Ne craignons rien, pas même les provocations humoristiques. Je commencerai ainsi cette prédication par une citation quelque peu perturbante du cinéaste Woody Allen, dont on connait la fantaisie décalée.
Avec son style, le voici déclarant : « Je ne sais pas si Dieu existe, mais s’il existe, j’espère qu’il a une bonne excuse ». [1]
La pensée est perturbante, mais elle reflète une opinion commune à laquelle nous sommes fréquemment confrontée ; formulée plus platement on pourrait la dire ainsi : « mais si votre Dieu existe, comment tolère-t-il tout cela ? Les guerres, la famine, la misère. Et tout ce cortège de malheurs qui nous est quotidiennement décrit au gré des informations ».
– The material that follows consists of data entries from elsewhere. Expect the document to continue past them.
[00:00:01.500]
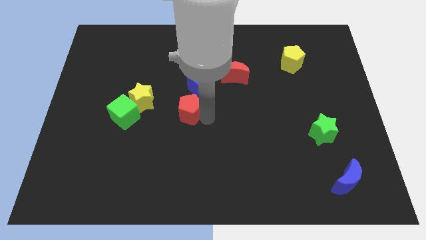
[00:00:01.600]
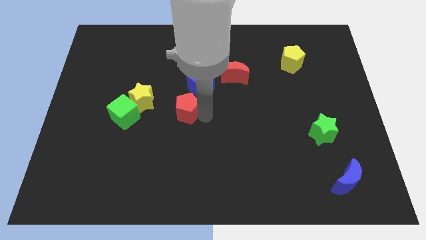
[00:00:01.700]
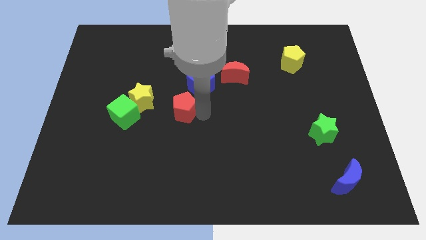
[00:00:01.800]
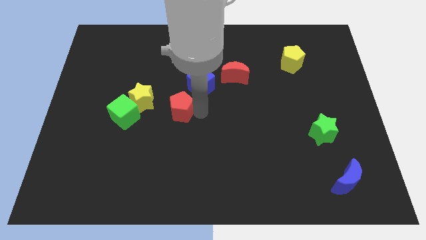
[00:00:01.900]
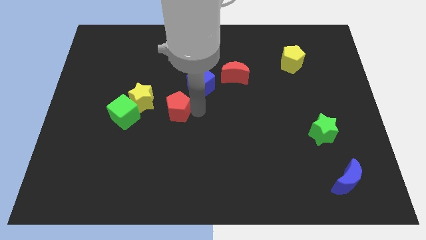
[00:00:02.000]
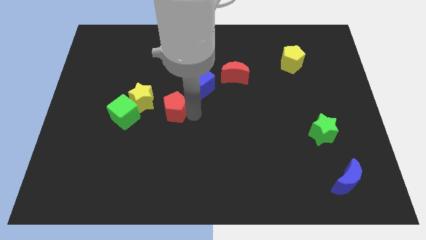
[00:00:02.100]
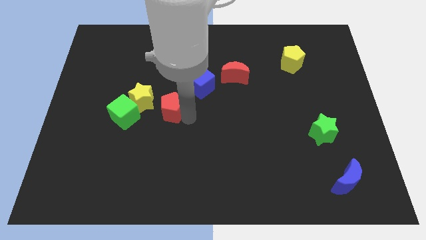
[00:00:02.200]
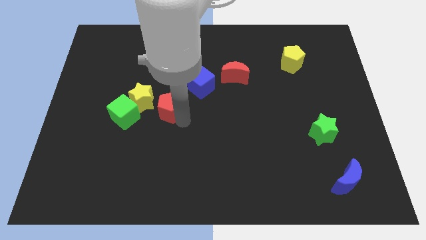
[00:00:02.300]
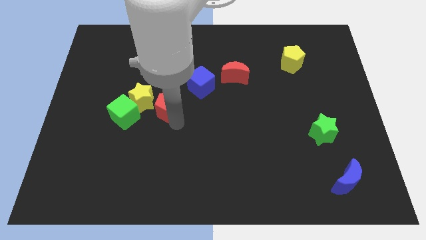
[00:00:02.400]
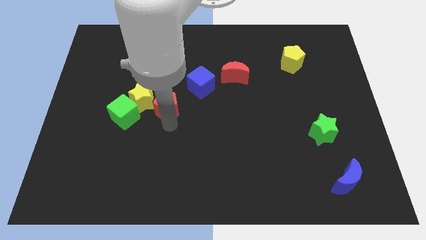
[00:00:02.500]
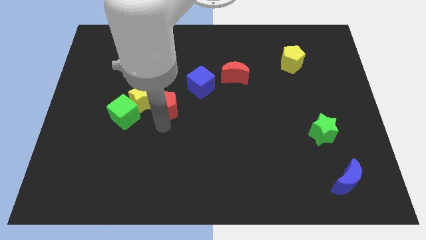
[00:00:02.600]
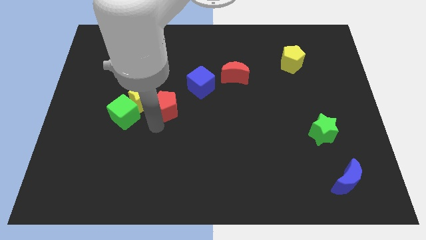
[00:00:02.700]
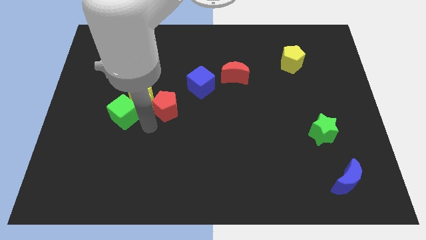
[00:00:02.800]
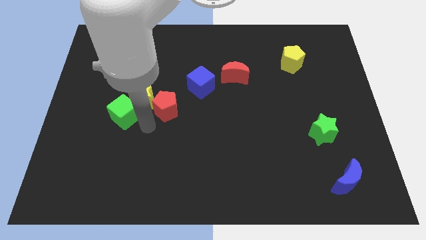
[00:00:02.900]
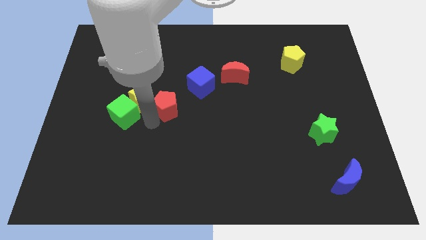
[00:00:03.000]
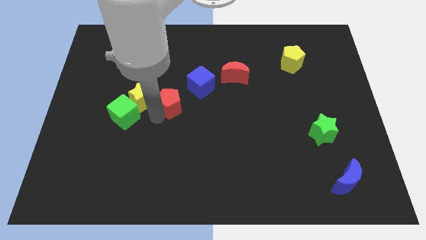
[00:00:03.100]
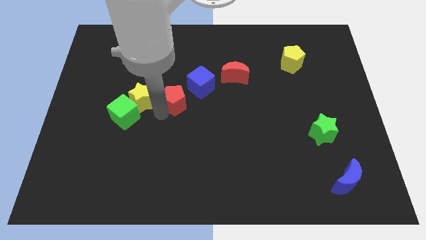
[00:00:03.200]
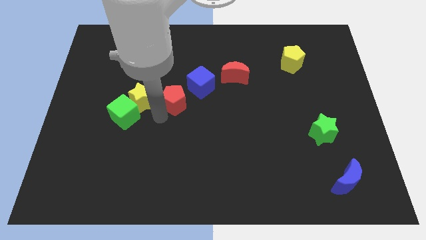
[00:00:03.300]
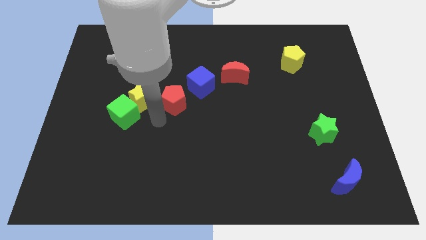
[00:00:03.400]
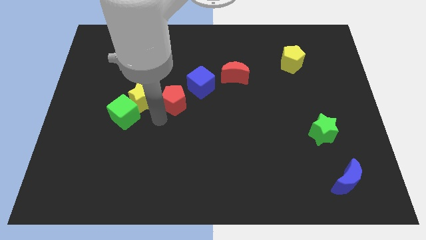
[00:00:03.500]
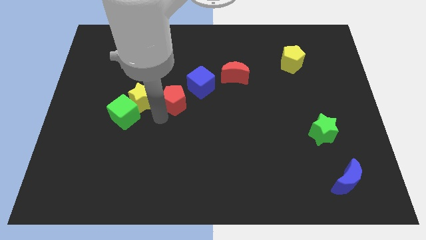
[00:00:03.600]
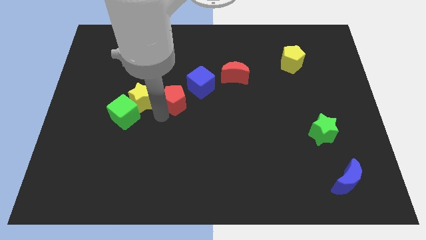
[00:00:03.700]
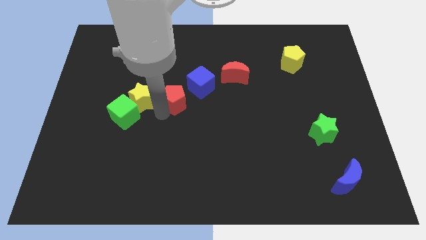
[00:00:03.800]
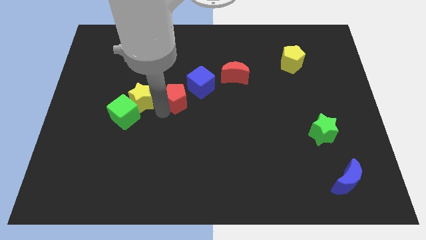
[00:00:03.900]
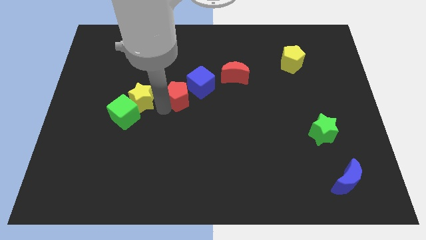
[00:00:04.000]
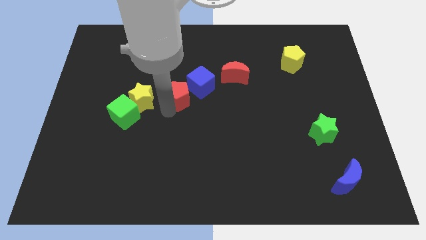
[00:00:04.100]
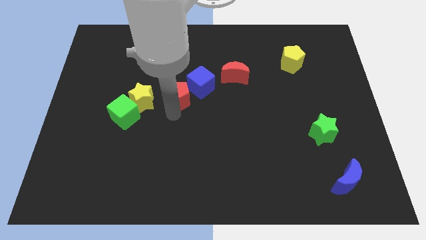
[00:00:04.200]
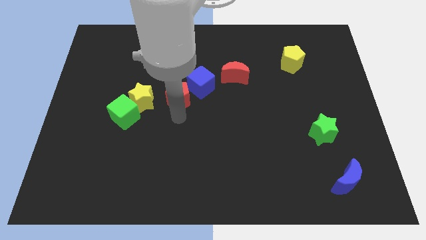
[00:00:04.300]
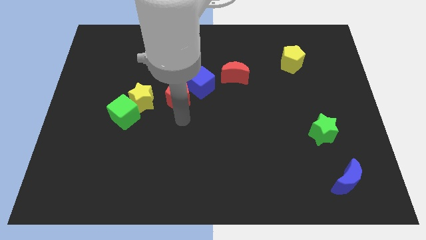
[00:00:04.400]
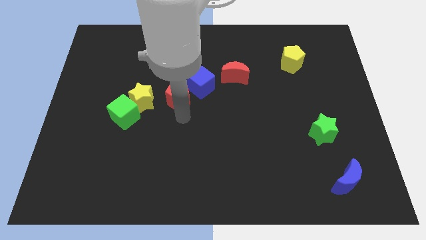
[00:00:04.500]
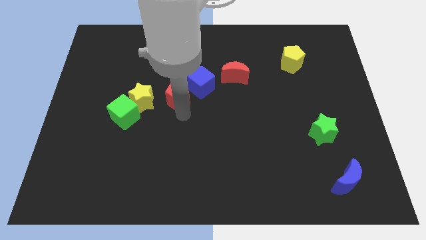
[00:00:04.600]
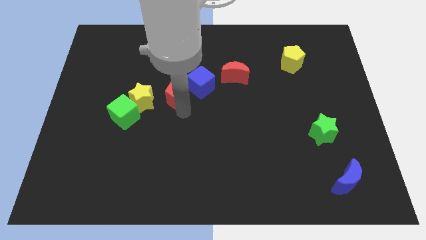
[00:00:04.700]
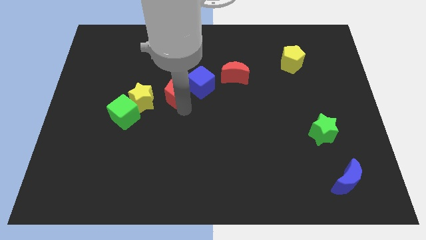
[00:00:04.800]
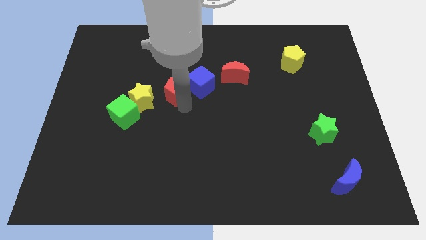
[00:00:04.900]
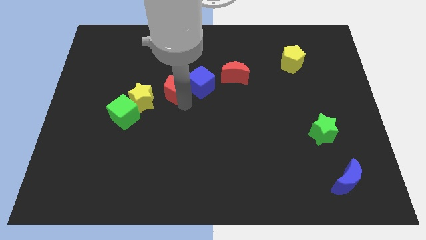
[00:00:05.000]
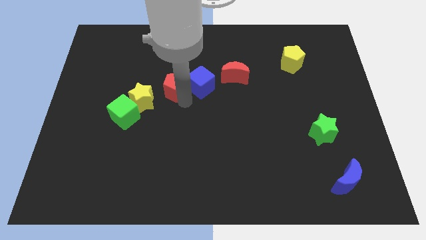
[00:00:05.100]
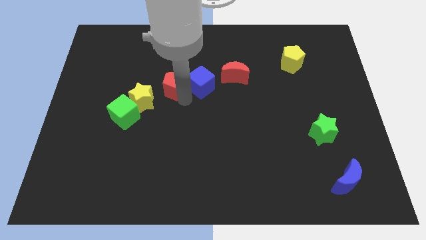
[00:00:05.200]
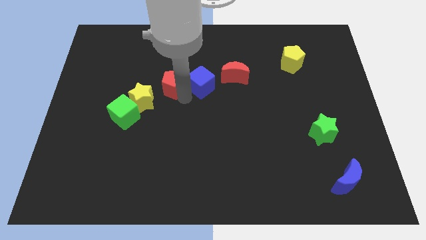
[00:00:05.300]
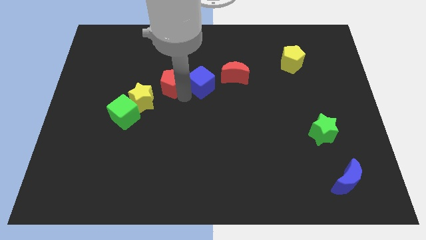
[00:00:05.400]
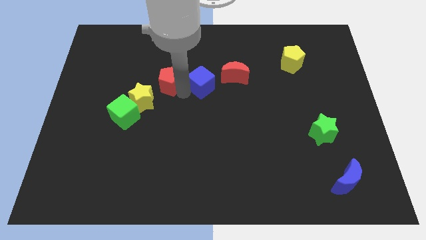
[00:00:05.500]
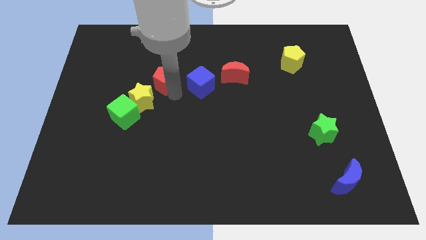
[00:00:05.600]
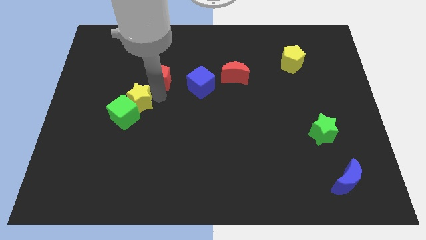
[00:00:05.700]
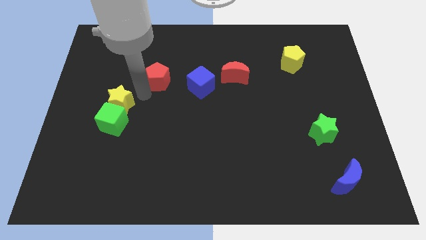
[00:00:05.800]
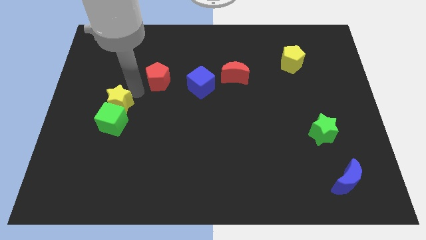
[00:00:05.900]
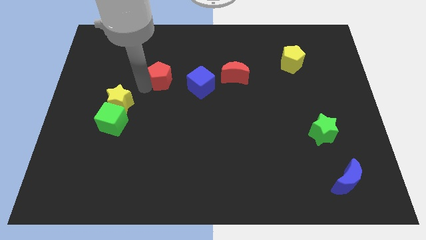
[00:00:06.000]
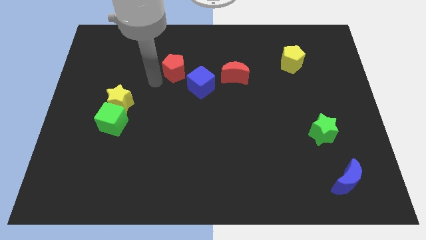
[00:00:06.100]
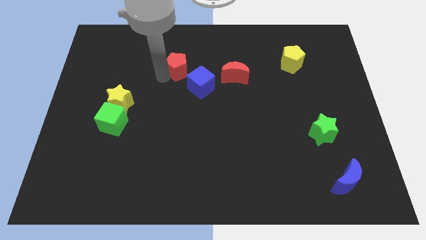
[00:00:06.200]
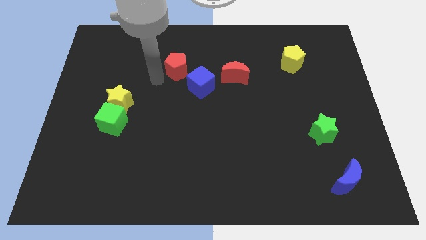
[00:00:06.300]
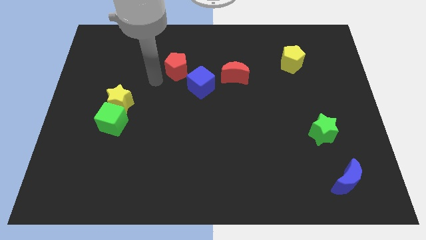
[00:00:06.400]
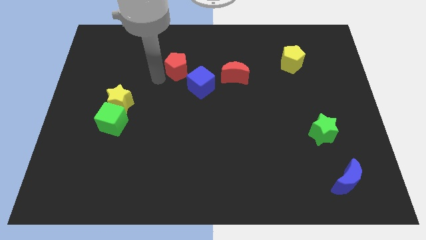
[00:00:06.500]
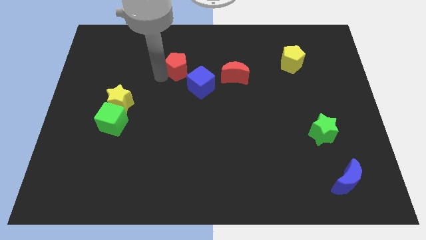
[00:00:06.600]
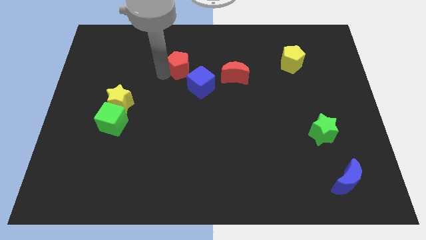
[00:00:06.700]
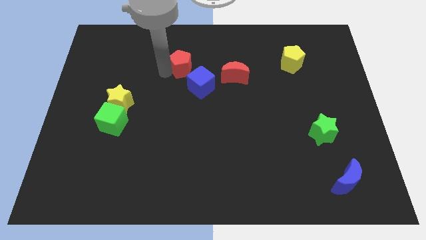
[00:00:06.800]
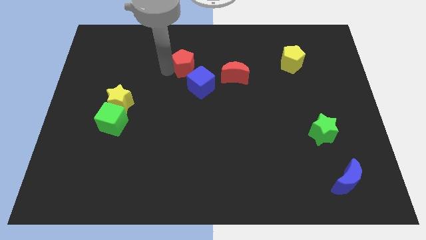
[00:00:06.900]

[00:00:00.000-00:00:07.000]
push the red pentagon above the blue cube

La question est légitime et nous ne pouvons l’esquiver, sauf en se réfugiant dans un entre-soi frileux et protecteur.
Un premier élément de réponse pourrait être esquissé par un dialogue fictif que l’on prête à deux déportés dans l’un des camps de la mort. L’un est croyant, l’autre non. Le second demande au premier : « Où est ton Dieu ? ». Le premier répond : « Où est l’Homme ? »
Sous une apparente évidence ces deux questions soulignent la complexité du problème, elles établissent une vraie problématique.
Effectivement, si Dieu tolérait ainsi toutes les horreurs du monde, s’il n’intervenait pas, il serait soit inopérant, soit complice. Ou alors il n’existe pas. Ces lieux communs courent dans la vie courante. Et ce sont des interrogations légitimes. On ne pourrait dès lors avoir foi en Lui, quel que soit le cas.
Se développerait alors unilatéralement un humanisme, une foi en l’homme qui nous vient de loin. Dans Candide, Voltaire présente un Eldorado qui n’a plus ni juges ni prisons, ni transgressions. La culture, les sciences, la beauté des villes tout a concouru pour éradiquer le mal en l’homme. Mission accomplie. La terre est devenue une terre d’or, un havre de bonheurs. Au XIX ème siècle, Victor Hugo affirme, avec le sens de la formule qui le caractérise : « Ouvrez une école, vous fermerez une prison ».
Partant de ces deux auteurs, et de leur indéniable apport, nous pouvons aujourd’hui mesurer les limites d’un humanisme uniquement centré sur l’homme. Les sciences et l’éducation ont énormément progressé depuis lors, et cela n’a pas empêché des pays de haute culture comme l’Italie et l’Allemagne de tomber dans les pires horreurs, celles du fascisme et du nazisme. Et toute notre culture nationale n’a pas empêché une collaboration honteuse. Nombre d’écoles ont été ouvertes depuis le XIX ème siècle, et les prisons sont toujours là comme une nécessité obligée. A tel point qu’on en arrive même à ouvrir des centres scolaires dans les maisons d’arrêt.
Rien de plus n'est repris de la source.